Hacienda Luisita: Poorly Paid Workers Lose Jobs — and Homes, Too

The 1989 MoA also stated that the parties entered into this agreement “with the end view of improving the lot of the qualified beneficiaries of the stock distribution plan and obtaining for them greater benefits.” In the same article, Chavez reiterates the benefits the farmer-beneficiaries (FBs) are supposed to gain: continued employment with salaries, allowances, and other benefits; 1/30th of the total agreed shares of stock to be distributed annually at no cost to the FBs, or a gross annual amount of P3.9 million; an amount equivalent to 3 percent of gross sales distributed annually to the FBs; FBs shall be entitled to dividends on shares transferred to them; and titled home lot of not more than 240 sq. m. to be given each qualified family beneficiary for free.

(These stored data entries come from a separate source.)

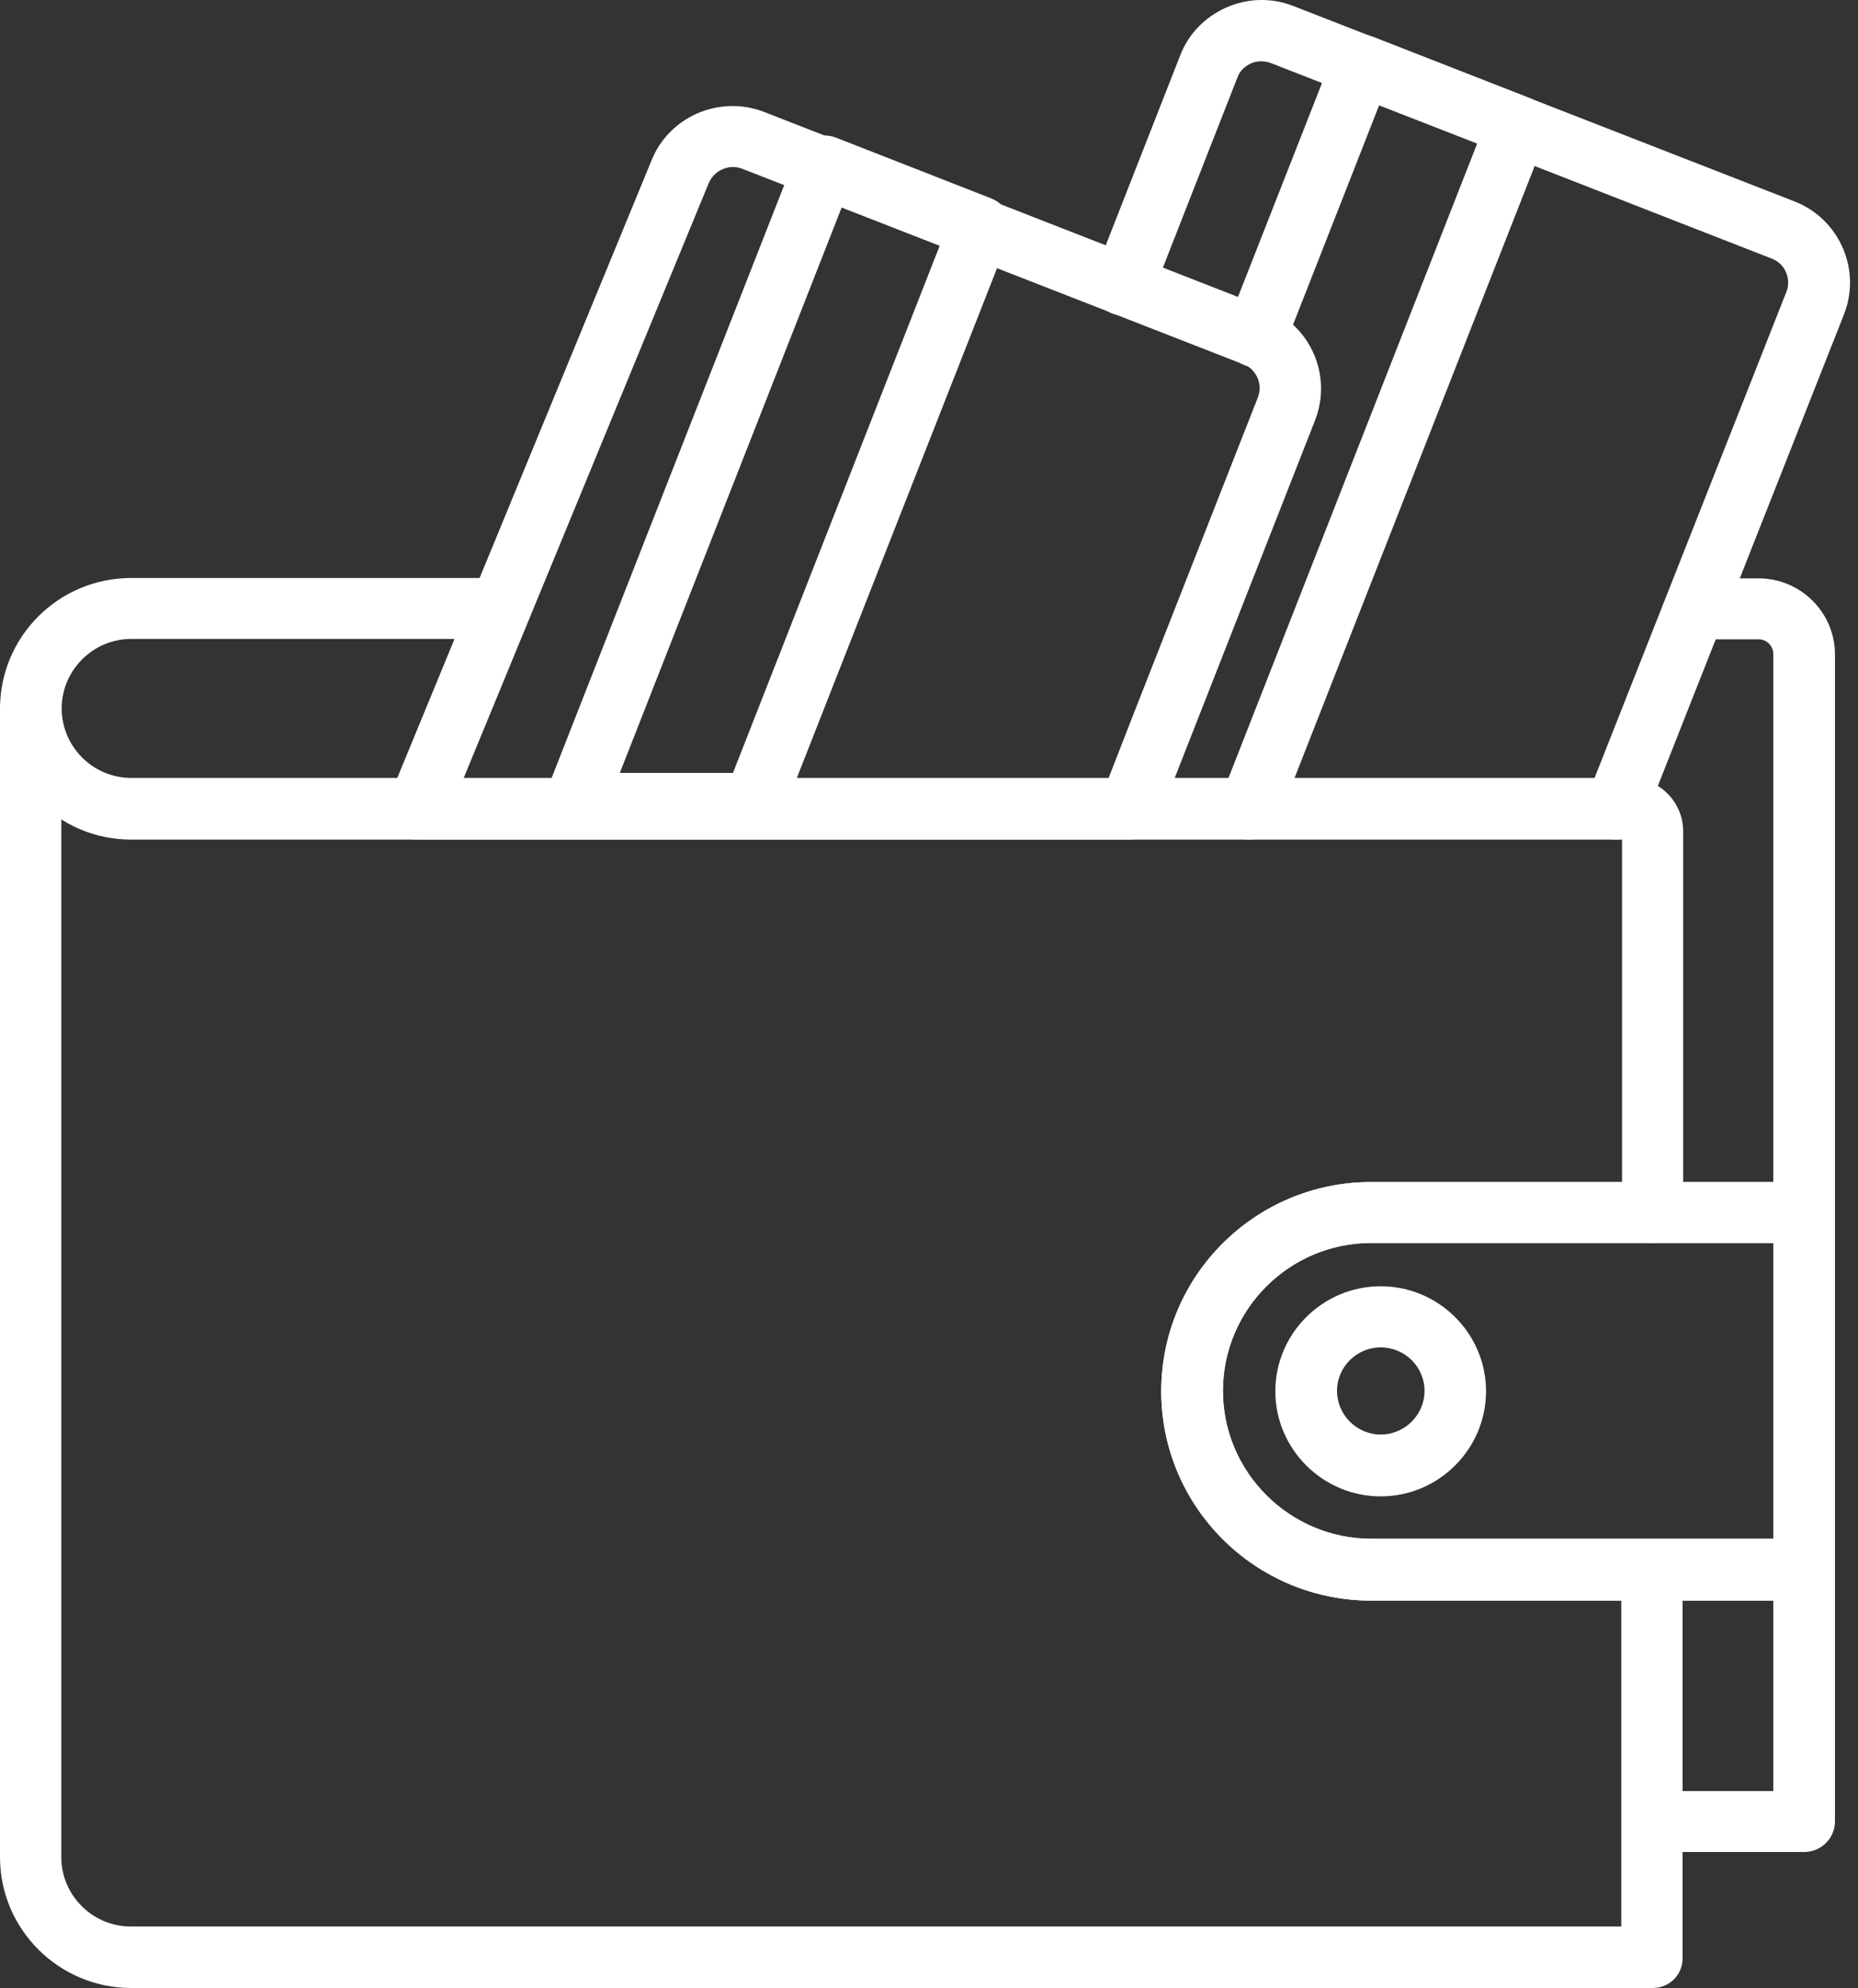<svg version="1.2" baseProfile="tiny-ps" xmlns="http://www.w3.org/2000/svg" viewBox="0 0 100 107" width="100" height="107">
	<rect x="0" y="0" width="100" height="107" fill="#333333" stroke="none"/>
	<title>wallet-svg</title>
	<style>
		tspan { white-space:pre }
		.shp0 { fill: #ffffff } 
	</style>
	<path id="Layer" class="shp0" d="M88.95 107L7.06 107C3.18 107 0 103.85 0 99.96L0 38.15C0 37.23 0.75 36.51 1.65 36.51C2.57 36.51 3.3 37.25 3.3 38.15L3.3 99.96C3.3 102.01 4.98 103.69 7.04 103.69L87.26 103.69L87.26 84.49C87.26 83.57 88.01 82.84 88.91 82.84C89.81 82.84 90.56 83.59 90.56 84.49L90.56 105.34C90.59 106.26 89.87 107 88.95 107Z" />
	<path id="Layer" class="shp0" d="M88.95 66.9C88.02 66.9 87.3 66.16 87.3 65.26L87.3 45.19L7.06 45.19C3.18 45.19 0 42.04 0 38.15C0 34.26 3.16 31.11 7.06 31.11L26.92 31.11C27.84 31.11 28.56 31.85 28.56 32.75C28.56 33.67 27.82 34.39 26.92 34.39L7.06 34.39C5 34.39 3.32 36.08 3.32 38.13C3.32 40.18 5 41.87 7.06 41.87L87.71 41.87C89.3 41.87 90.59 43.16 90.59 44.74L90.59 65.24C90.59 66.18 89.87 66.9 88.95 66.9Z" />
	<path id="Layer" class="shp0" d="M97.11 99.68L88.95 99.68C88.02 99.68 87.3 98.94 87.3 98.04C87.3 97.14 88.04 96.4 88.95 96.4L95.44 96.4L95.44 35.2C95.44 34.77 95.09 34.41 94.66 34.41L91.2 34.41C90.28 34.41 89.55 33.67 89.55 32.77C89.55 31.85 90.3 31.13 91.2 31.13L94.66 31.13C96.91 31.13 98.76 32.97 98.76 35.22L98.76 98.04C98.76 98.94 98.01 99.68 97.11 99.68Z" />
	<path id="Layer" fill-rule="evenodd" class="shp0" d="M97.11 86.15L73.8 86.15C67.56 86.15 62.5 81.1 62.5 74.88C62.5 68.66 67.56 63.62 73.8 63.62L97.09 63.62C98.01 63.62 98.74 64.36 98.74 65.26L98.74 84.49C98.76 85.41 98.01 86.15 97.11 86.15ZM73.8 66.9C69.39 66.9 65.82 70.48 65.82 74.86C65.82 79.24 69.41 82.82 73.8 82.82L95.44 82.82L95.44 66.9L73.8 66.9Z" />
	<path id="Layer" fill-rule="evenodd" class="shp0" d="M74.31 80.54C71.19 80.54 68.64 77.99 68.64 74.88C68.64 71.77 71.19 69.23 74.31 69.23C77.43 69.23 79.98 71.77 79.98 74.88C79.98 77.99 77.43 80.54 74.31 80.54ZM74.31 72.52C73.02 72.52 71.96 73.57 71.96 74.86C71.96 76.15 73.02 77.21 74.31 77.21C75.61 77.21 76.67 76.15 76.67 74.86C76.67 73.57 75.61 72.52 74.31 72.52Z" />
	<path id="Layer" fill-rule="evenodd" class="shp0" d="M97.11 86.15L73.8 86.15C67.56 86.15 62.5 81.1 62.5 74.88C62.5 68.66 67.56 63.62 73.8 63.62L97.09 63.62C98.01 63.62 98.74 64.36 98.74 65.26L98.74 84.49C98.76 85.41 98.01 86.15 97.11 86.15ZM73.8 66.9C69.39 66.9 65.82 70.48 65.82 74.86C65.82 79.24 69.41 82.82 73.8 82.82L95.44 82.82L95.44 66.9L73.8 66.9Z" />
	<path id="Layer" fill-rule="evenodd" class="shp0" d="M60.78 45.19L22.48 45.19C21.93 45.19 21.42 44.92 21.11 44.47C20.79 44.02 20.74 43.43 20.95 42.92L35.06 8.65C36 6.27 38.73 5.09 41.14 6.03L68.11 16.56C70.53 17.49 71.72 20.21 70.78 22.62L62.33 44.15C62.07 44.76 61.46 45.19 60.78 45.19ZM24.95 41.89L59.66 41.89L61.11 38.17L67.7 21.39C67.84 21.03 67.82 20.66 67.68 20.33C67.52 20 67.27 19.72 66.92 19.61L39.94 9.08C39.24 8.81 38.43 9.16 38.14 9.87L24.95 41.89Z" />
	<path id="Layer" fill-rule="evenodd" class="shp0" d="M40.58 44.91L30.93 44.91C30.38 44.91 29.87 44.63 29.56 44.18C29.24 43.73 29.19 43.17 29.38 42.66L42.84 8.35C43 7.94 43.31 7.61 43.72 7.43C44.11 7.25 44.59 7.25 45 7.41L53.35 10.68C54.2 11.01 54.63 11.97 54.3 12.81L42.11 43.85C41.88 44.48 41.27 44.91 40.58 44.91ZM33.36 41.6L39.45 41.6L50.61 13.14L45.33 11.09L33.36 41.6Z" />
	<path id="Layer" class="shp0" d="M86.95 45.19C86.75 45.19 86.53 45.15 86.34 45.07C85.49 44.74 85.06 43.78 85.4 42.94L96.15 15.7C96.42 14.99 96.07 14.19 95.36 13.92L68.39 3.39C68.03 3.26 67.66 3.27 67.33 3.41C66.99 3.57 66.72 3.82 66.6 4.17L61.99 15.93C61.66 16.77 60.7 17.2 59.85 16.87C59.01 16.54 58.58 15.58 58.91 14.74L63.52 2.98C63.97 1.81 64.86 0.91 66.01 0.4C67.17 -0.11 68.45 -0.13 69.6 0.32L96.58 10.84C98.99 11.78 100.19 14.5 99.25 16.91L88.49 44.17C88.24 44.8 87.61 45.19 86.95 45.19Z" />
	<path id="Layer" class="shp0" d="M67.25 45.19C67.05 45.19 66.84 45.15 66.64 45.07C65.8 44.74 65.37 43.78 65.7 42.94L79.51 7.71L74.23 5.66L69.11 18.71C68.78 19.55 67.82 19.98 66.97 19.65C66.13 19.31 65.7 18.36 66.03 17.51L71.76 2.92C72.1 2.08 73.06 1.65 73.9 1.98L82.26 5.25C82.67 5.41 83 5.72 83.18 6.13C83.36 6.52 83.36 6.99 83.2 7.4L68.78 44.15C68.52 44.78 67.92 45.19 67.25 45.19Z" />
</svg>

Comparing what it amounts to if a farmer-beneficiary opts for land distribution against acquiring stocks from the agro-corporation, Chavez said an FB would only acquire ¾ (or exactly .78 has.) of the land considering that there are 6,296 FBs entitled to a total of 4,915.75 ha.

“It is obvious,” he continued, “that this size of land will not be able to support a farm-worker’s family if he is to depend on the income potential of the size land.”

Citing a study made by the Center for Research and Communications (CRC), Chavez said that a farm owner who cultivates a one-hectare lot and produces 40 tons of cane makes a net profit of only P17, 702 a year (based on 1989 prices).

On the other hand, an FB who works for 214 days in a year under the SDO will receive P33,967 in basic pay and fringe benefits.

In a House hearing on the implementation of the SDO in HLI on Dec. 14, HLI corporate secretary lawyer Emmanuel Cochico defended the Cojuangcos’ SDO saying the land distribution option would only give a small and economically-less beneficial lot to each farmer and hence no decent livelihood.

But why are the hacienda’s farm workers on strike?

Strike

In has been 15 years since the implementation of the SDO but the sugar farm workers are collectively unsatisfied and poor. Representing the farmers, the Alyansa ng mga Manggagawang Bukid sa Hacienda Luisita (Ambala or Alliance of Farm Workers in Hacienda Luisita) petitioned the DAR on Dec. 4, 2003 to revoke the SDO. The plantation farm workers’ union, ULWU, is asking for the nullification of the SDO which incidentally is one of the issues raised in their strike.

In a statement emailed to Bulatlat, Ed Tadem, associate professor of Asian Studies at the University of the Philippines in Diliman, said that the SDO was implemented by the former president, who is part of a landlord clan, to “evade land reform.” This scheme was inserted into CARP, he said, by pro-landlord legislators during the term of President Aquino, to allow landowners who run their farms as corporations. Shares of stocks are distributed to farm workers in lieu of outright land transfer.

Citing scholars of agrarian reform, the UP professor said that stock distribution can never be a substitute for land transfer which is the heart and soul of any genuine land reform.

The Luisita stock option plan had also been denounced as “unconstitutional” by the University of the Philippines Law Center in a position paper submitted in June 1990 to the Senate Agrarian Reform Committee. The law center’s memorandum stated that the “scheme is violative not only of the social justice provisions but even more so of the specific provisions of the Constitution on agrarian reform” since it “allows the original owners to remain the controlling interest at the expense of the supposedly farmer beneficiaries.”

ULWU president Rene Galang disputes claims by the Cojuangcos that under the SDO farm workers are assured of continued employment. In fact, he says, union records show that 1,009 farm beneficiaries lost their jobs since the implementation of the SDO in 1989. In addition, on Aug. 24, the HLI management laid off 150 permanent and 176 seasonal workers.

Aside from those already retrenched, about 2,500 more are set to be dropped from the master list, Galang said. To fast track this action, the HLI management is dangling an early retirement for the farm workers.

Bulatlat obtained a copy of a five-page letter issued by HLI on the early retirement plan. Anyone who avails of early retirement would be given a separation pay but would automatically be dropped from the rolls, the letter reads.